Millennials are among the poorest generation of Americans, owning just 5.6% of American wealth compared to 28.6% of Generation X, according to The Federal Reserve. Around 40% of Americans have less than $300 in savings, according to GoBanking. With college students being stereotypically broke, it’s important that we develop a sense of fiscal responsibility.
The first thing every college student should do is create a monthly budget and stick to it. Every budget should have a set hierarchy, including bills, rent, student loan payments, groceries and any other unavoidable expenses. But, once you have your necessities set aside, feel free to spend whatever money you have left as you please.
“The principle behind having a monthly budget is simple: Each month, more money must come in than goes out,” wrote Cary Siegel in his financial advice book “Why Didn’t They Teach Me This In School?”
If you’re a student who works all summer and uses that income to live during the school year, having a budget is incredibly important. By limiting your funds, you greatly reduce your risk of running out of money before the academic year ends.

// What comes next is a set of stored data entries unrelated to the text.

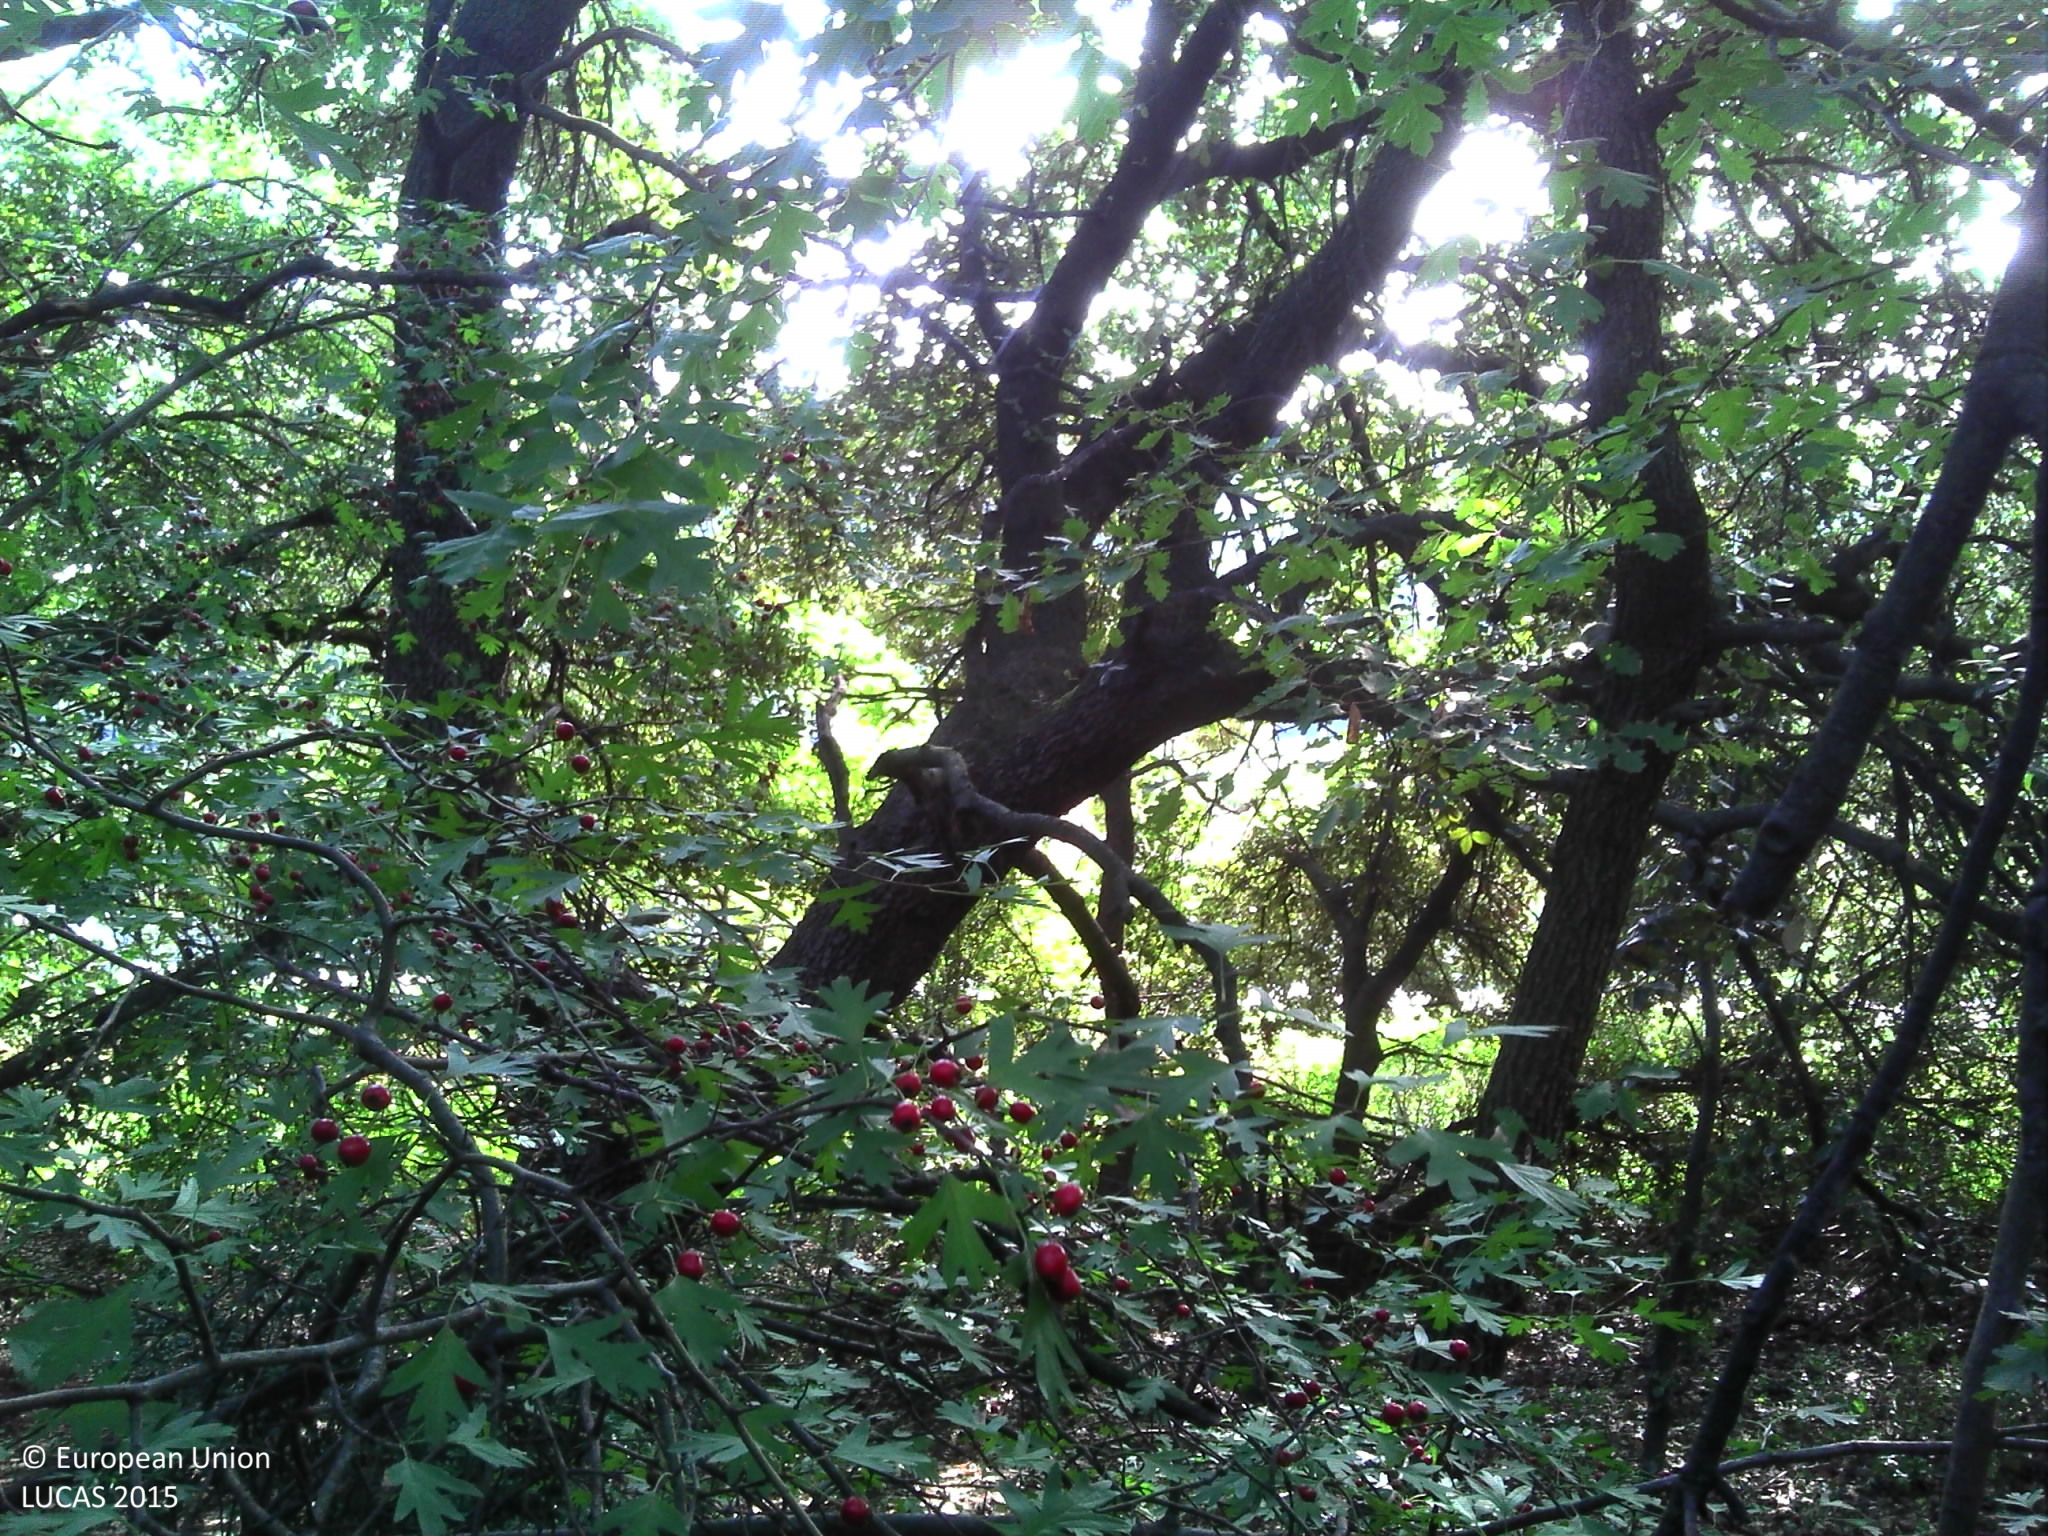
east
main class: Woodland
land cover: Broadleaved woodland
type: thermophilous deciduous forest
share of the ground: > 75 %
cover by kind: broadleaved forest trees 95 %, coniferous forest trees 5 %
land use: Semi-natural and natural areas not in use
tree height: > 5 m
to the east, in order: Broadleaved woodland; Fences; Grassland without tree/shrub cover; Ditches and canals; Grass margins; Paved roads, cycling and walking lanes; Grassland with sparse tree/shrub cover; Fences; Paved roads, cycling and walking lanes; Fences; Grassland with sparse tree/shrub cover; Tracks; Grassland without tree/shrub cover; Fences; Electric lines; Railways; Electric lines; Grassland with sparse tree/shrub cover; Fences; Ditches and canals; Grassland with sparse tree/shrub cover; Paved roads, cycling and walking lanes; Grassland with sparse tree/shrub cover; Tracks; Broadleaved woodland
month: September
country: FR
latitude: 44.4714
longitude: 4.7649

Another important thing to do while in college is to build up a savings account. Every month, plan to deposit a certain amount of your paycheck in a savings account. 10% is a healthy number to start with, but if you can’t afford to do so, any amount will do. As long as you are slowly building a fund to use post-graduation, it’s a healthy move.
With the holidays resulting in a barrage of expenses for traveling home and getting gifts for loved ones, one healthy experiment to try out is to drastically limit your expenses for a whole month. For the entirety of January, only spend money on the essentials and try to avoid any unnecessary spending.
“This sounds like a strange way to live, but it works,” Siegel writes. “It works because it shows you how difficult (or easy) it is to do so.”
As someone who tried this method earlier this year, it’s amazing how well it offsets the expenses of the holiday season. It shows how little you need. I don’t need to go out to eat twice a week or get popcorn at the movies. It’s a luxury.
It’s also important to make sure that your financial goals are realistic. Whether it’s setting up a budget or working on your savings, it’s okay to start small and build up toward something better. It can be hard figuring out financial responsibility, especially if you’ve only been living on your own for a little while.
Here are a few other financial tips to start living by:
If you have a healthy relationship with your parents, stay on their insurance plan until you are 26 years old.
Don’t eat out too often; it’s much too expensive compared to grocery shopping.
Drive your car until it drops or until it proves to be too much of a financial liability.
Cut any unnecessary costs that don’t benefit you. Streaming services you don’t use, and subscriptions you can live without are potential liabilities.